§ **Records**
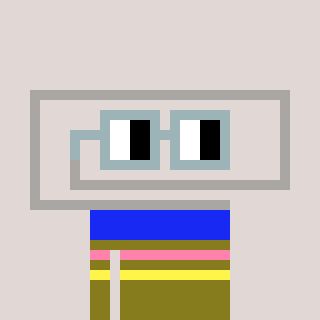
a pixel art character with square dark gray glasses, a paperclip-shaped head and a gunk-colored body on a warm background
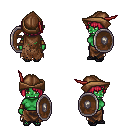
a pixel art fantasy rpg character, female body template, orc, green skin, brown tattered cape, robe skirt, ruby red pageboy hairstyle, leather cap, leather bracers, ghillies, shield, four views (front, back, left, right), 2x2 character sprite sheet, small pixel art, hard edges, no anti-aliasing
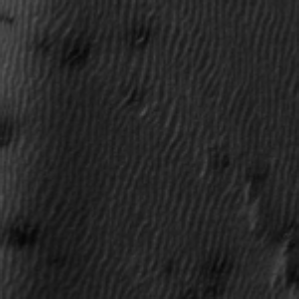
Label: frost
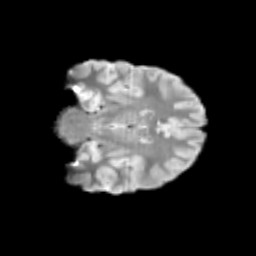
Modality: T2w
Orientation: coronal
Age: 10
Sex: male
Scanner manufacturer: siemens
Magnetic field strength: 3 T
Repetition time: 3.8 s
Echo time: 0.07 s
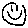
Label: smiley face
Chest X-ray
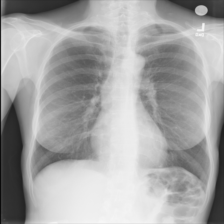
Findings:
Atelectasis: negative
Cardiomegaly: negative
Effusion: negative
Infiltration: negative
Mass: negative
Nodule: negative
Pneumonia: negative
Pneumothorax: negative
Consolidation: negative
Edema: negative
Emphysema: negative
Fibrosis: negative
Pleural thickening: negative
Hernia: negative
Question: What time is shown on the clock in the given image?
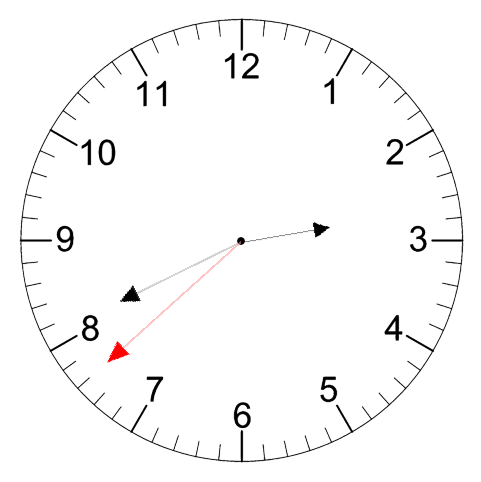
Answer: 02:40:38
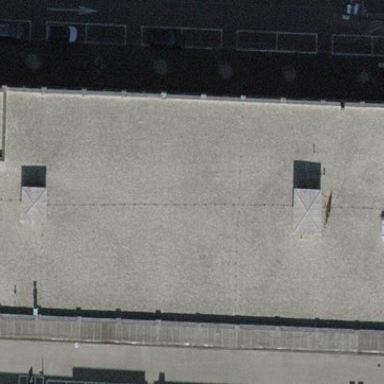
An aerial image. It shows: Industrial building with flat grey roof.
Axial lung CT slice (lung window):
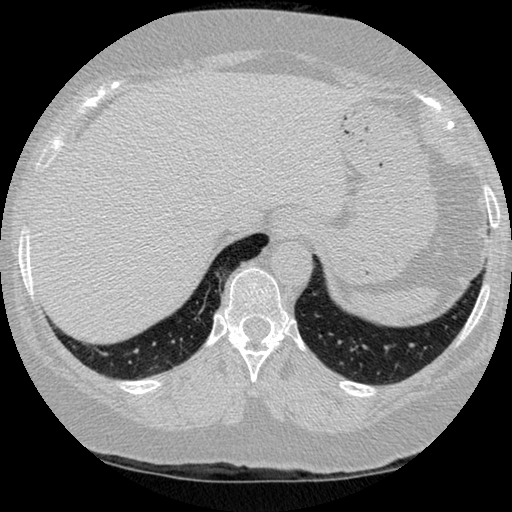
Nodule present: no
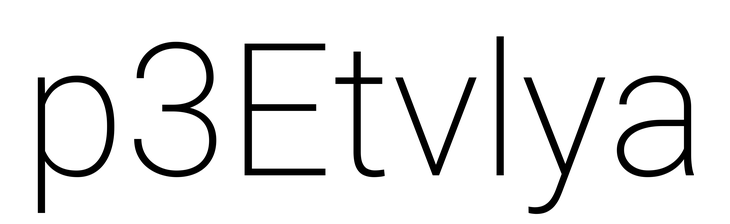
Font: Roboto_ExtraLight
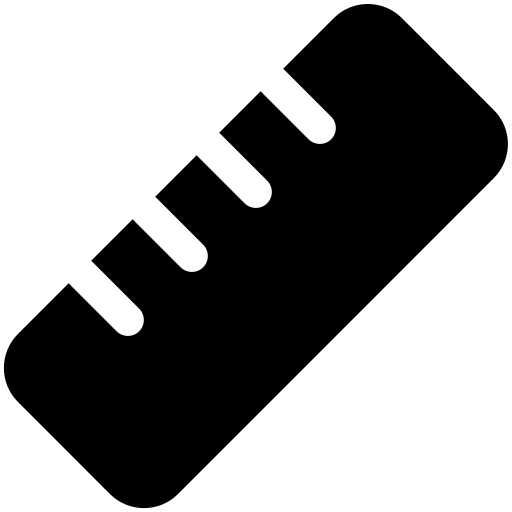
Tags: icon, FontAwesome, fa-icon, solid, ruler
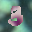
Label: 3
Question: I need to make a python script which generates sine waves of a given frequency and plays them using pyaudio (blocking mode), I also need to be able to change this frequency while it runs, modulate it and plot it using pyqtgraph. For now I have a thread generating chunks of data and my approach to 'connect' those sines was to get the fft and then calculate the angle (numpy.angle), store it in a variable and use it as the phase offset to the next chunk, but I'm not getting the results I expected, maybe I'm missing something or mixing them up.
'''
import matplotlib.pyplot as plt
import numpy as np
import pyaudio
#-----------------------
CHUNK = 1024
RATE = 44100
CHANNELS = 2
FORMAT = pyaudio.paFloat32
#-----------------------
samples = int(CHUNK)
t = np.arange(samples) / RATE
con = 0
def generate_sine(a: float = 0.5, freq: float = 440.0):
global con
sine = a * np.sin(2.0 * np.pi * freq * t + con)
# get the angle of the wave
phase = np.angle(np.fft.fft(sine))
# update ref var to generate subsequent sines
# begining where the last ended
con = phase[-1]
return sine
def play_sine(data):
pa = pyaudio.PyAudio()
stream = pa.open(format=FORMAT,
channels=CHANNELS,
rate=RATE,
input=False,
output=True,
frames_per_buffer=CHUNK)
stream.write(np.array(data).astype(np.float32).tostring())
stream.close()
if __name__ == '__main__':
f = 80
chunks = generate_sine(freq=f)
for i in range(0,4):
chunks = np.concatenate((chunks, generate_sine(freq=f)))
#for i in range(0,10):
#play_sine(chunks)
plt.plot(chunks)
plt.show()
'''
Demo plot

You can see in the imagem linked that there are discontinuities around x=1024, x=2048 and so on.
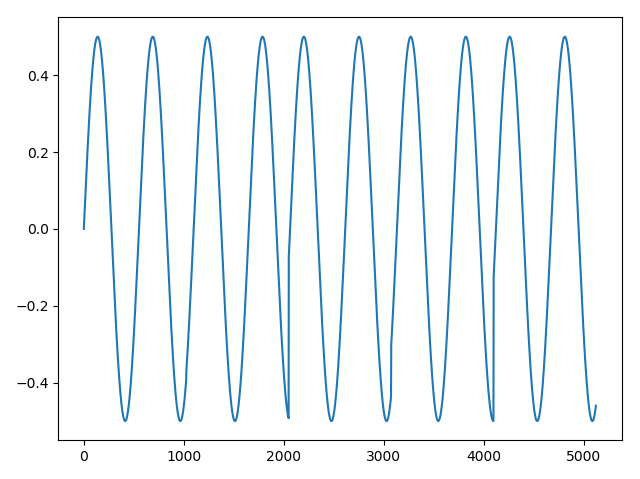
Answer: You are generating your signal with
'''
a * sin(2pf * t + con)
'''
where 't' ranges over '[0 .. CHUNK/RATE)'.
When you start the next chunk, 't' is reset to zero. To generate a continuous waveform, you need to modify 'con' to generate the same resulting phase value as the previous sample.
Using an FFT isn't going to work because the signal you are generating isn't an exact multiple of the sample window, plus you are actually interested in the phase at the end of the sample window, not the phase at the beginning.
Instead, you simply need the phase value at t=t_end, modulo 2p.
Ie, you could simply use:
'''
con = 2.0 * np.pi * f * CHUNK/RATE + con
'''
but that value will grow, possibly causing eventual numerical issues if you concatenate a lot of chunks together, where the frequencies are high. Since the sine function is periodic, you just need to normalize the end phase into the 0 to 2p range:
'''
con = math.fmod(2.0 * np.pi * f * CHUNK/RATE + con, 2.0 * np.pi)
'''
---
If you modify your generation function to be:
'''
a * sin(2p * (f * t + con))
'''
then 'con' represents the fraction of a full cycle carried forward from the previous chuck, and you can avoid the modulo division by 2p, which might improve accuracy slightly.
'''
con = math.modf(f * CHUNK/RATE + con)[0]
'''
---
Attempting a clearer explanation:
Note: This technique only works because the generation equation for the previous chunk, and are generating the following chunk. If either of those conditions change, you'll need a different technique to match the chunks.
The previous chunk is generated using the 'sin()' of the following sequence:
'''
2pf1*0/RATE+con1, 2pf1*1/RATE+con1, ..., 2pf1*1022/RATE+con1, 2pf1*1023/RATE+con1
'''
It should be clear that, for a smooth transition to the next chunk, that chunk should start with the 'sin()' of '2pf1*1024/RATE+con1'
The next chunk starts with the 'sin()' of '2pf2*0/RATE+con2'.
Therefore, we will have a smooth transition if:
'''
2pf2*0/RATE + con2 = 2pf1*1024/RATE + con1
'''
or
'''
0 + con2 = 2pf1*1024/RATE + con1
'''
or
'''
con2 = 2pf1*1024/RATE + con1
'''
which can be written in your 'generate_sine' function as:
'''
con = 2.0 * np.pi * f * CHUNK/RATE + con
'''
which is the equation that came "out of nowhere" in my above answer. From that point, since the 'sin()' function is 2p periodic, I'm just performing modulo 2p reductions, to keep the argument to 'sin()' from growing without bound, causing numerical inaccuracies.
Hope that makes things clearer.

§ **About this exercise**
Pictures in the entries do not go into the copy. Print only the lines starting at the one containing "Modality: T2w" and ending at the one containing "Cardiomegaly: negative", exactly as they appear.

§ **Answer area**
Modality: T2w
Orientation: coronal
Age: 10
Sex: male
Scanner manufacturer: siemens
Magnetic field strength: 3 T
Repetition time: 3.8 s
Echo time: 0.07 s
Label: smiley face
Chest X-ray
Findings:
Atelectasis: negative
Cardiomegaly: negative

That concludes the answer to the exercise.